In summary, the proposed auto-labelling approach is able to learn and label seen and unseen entities based on the domain dictionary. Our approach can help build annotated datasets efficiently for domain-specific named entities, by utilising vocabulary in existing established databases in low-resource domains.

5 Conclusion and future work

In this research, we developed a framework and demonstrated its effectiveness of automatically labelling named entities in a low-resource, domain-specific real-world dataset. An automatic NER approach is proposed by adopting dictionary matching and deep learning-based sequence labelling, with the potential of integrating domain expert validation. One major advantage of this work is its convenience in labelling named entities solely using a domain vocabulary. Therefore, a large amount of labelled data can be created efficiently.

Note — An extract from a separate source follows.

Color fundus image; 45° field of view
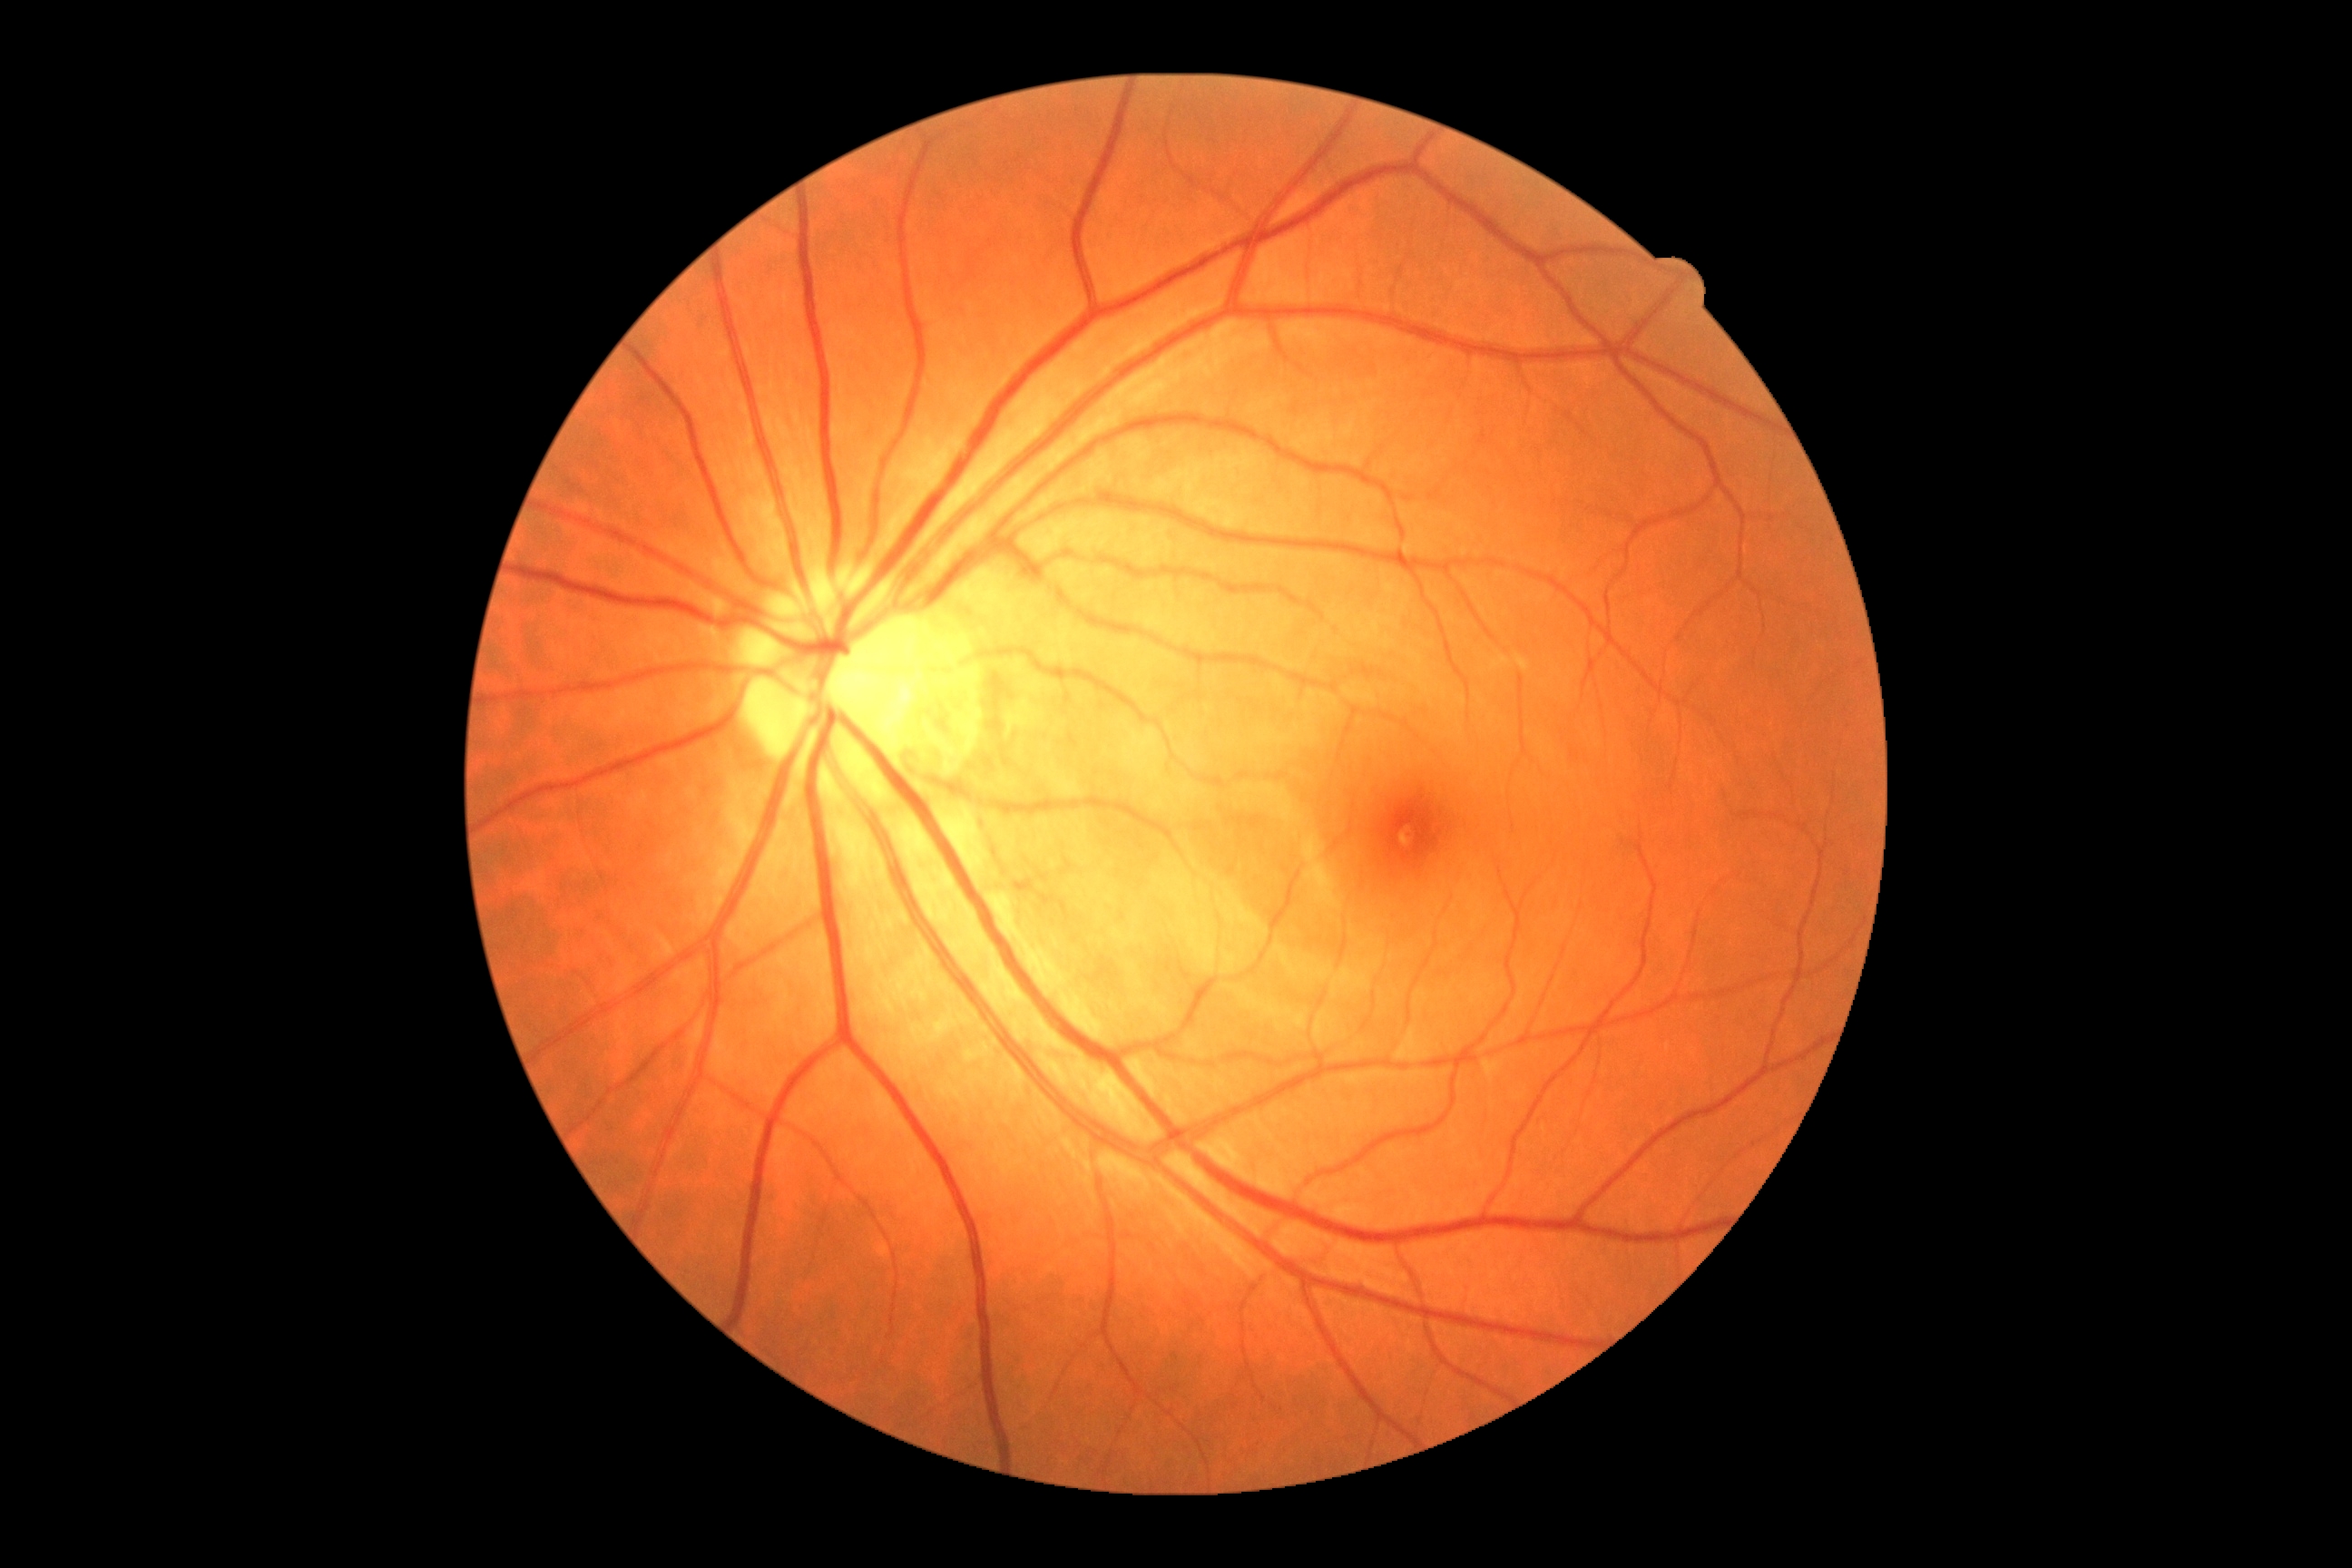
Retinopathy is grade 0 (no apparent retinopathy).

The annotated dataset OzROCK was created and has been made publicly available. We evaluated the outcomes of the proposed approach on the manually annotated dataset, which was labelled by the geological domain experts. Identifying domain-specific salient entities and annotating them automatically have proved to be effective and significantly reduces the costly and subjective manual annotation work. Our approach effectively identifies the subset of the data that is challenging to automatically annotate and thus needs expert assistance for annotation. We further applied our auto-labelling framework on the disease corpus and chemical corpus, and compared the performance against dictionary matching and WL BiLSTM neural network model. The results have shown approximately around 5% increase in F1 score for disease names and 8% increase for chemical names.

Moreover, a large number of seen and unseen documents can be efficiently labelled using the deep learning-based models trained over OzROCK dataset. This is a step towards building a knowledge graph in the mineral exploration domain to allow efficient storage and retrieval of information.

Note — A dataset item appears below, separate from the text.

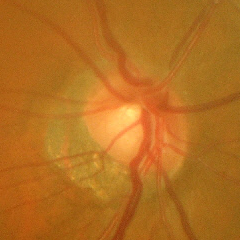

Advanced-stage glaucoma.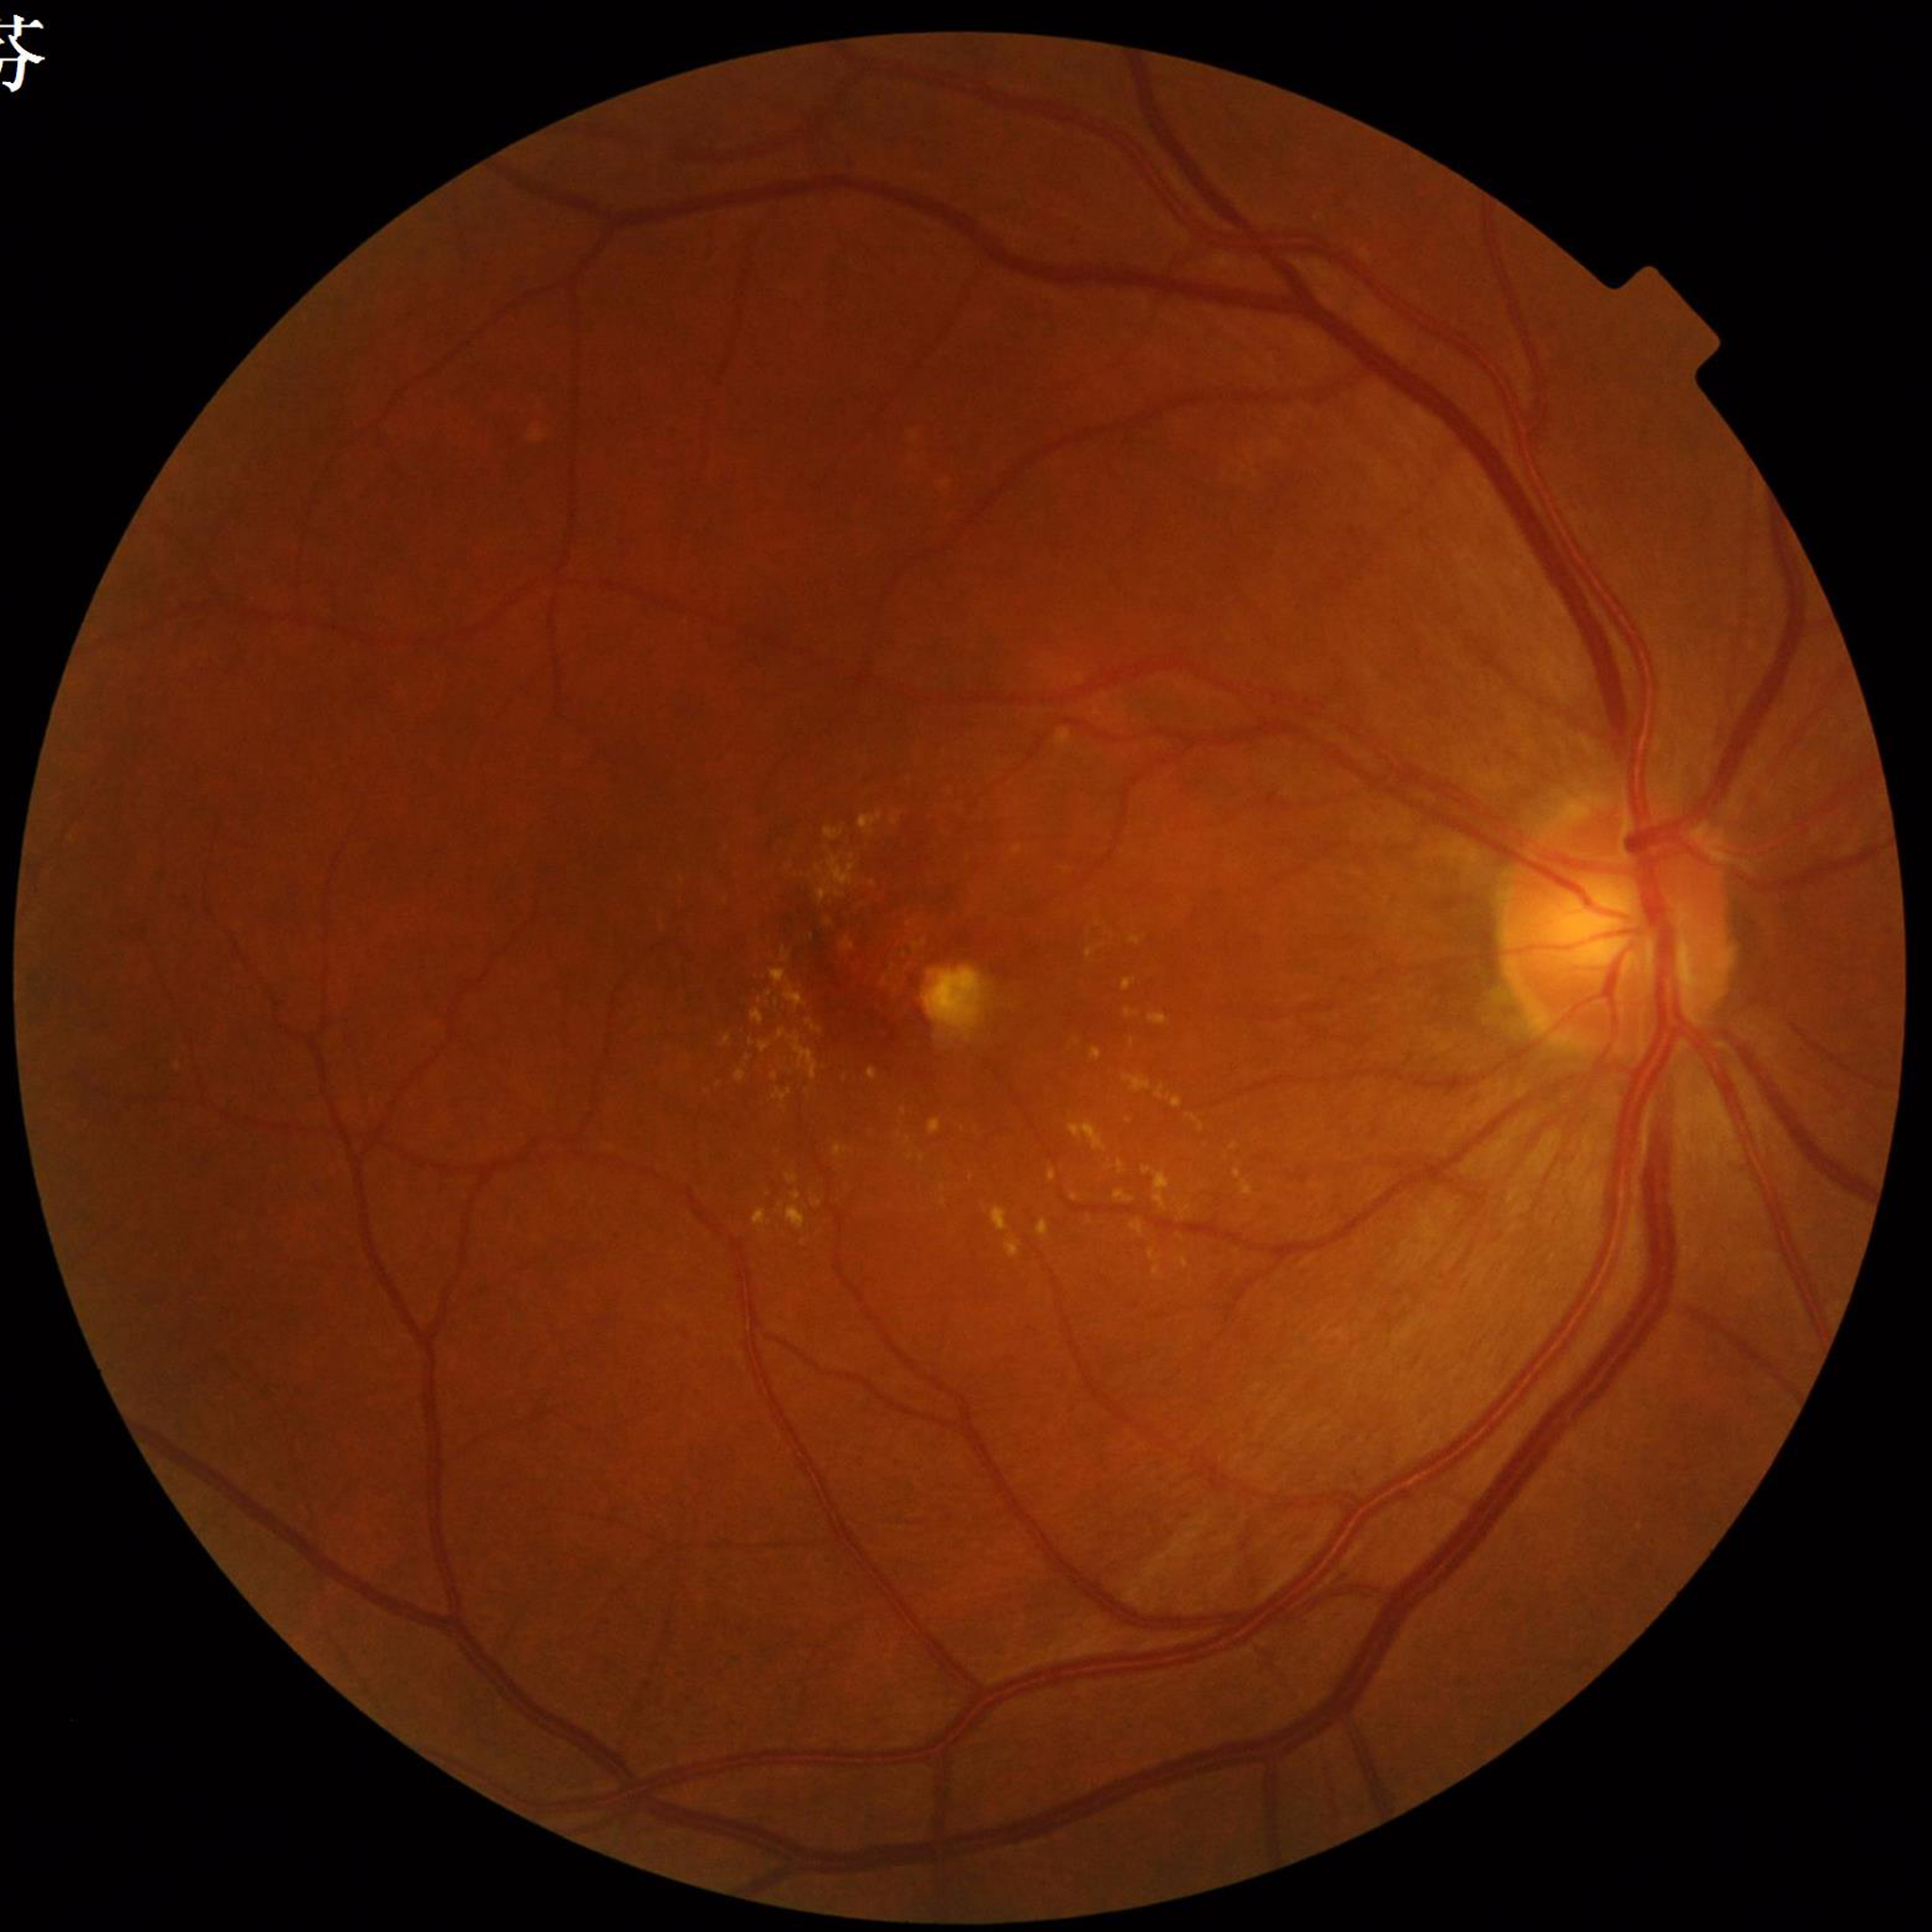
Color fundus photograph from a patient diagnosed with age-related macular degeneration.

Currently, a single tag is allowed for each token in the text. Future work may include an inclusion of multiple labels for each entity.

In conclusion, the deep learning-based NER approach incorporated with a domain dictionary showed significant potential for automatically identifying and labelling domain-specific entities. Automatic labelling of unstructured domain-specific text is an important step for knowledge discovery in low-resource domains. This research is a part of our ongoing work to extract mineralisation knowledge from geological exploration reports and similar documents.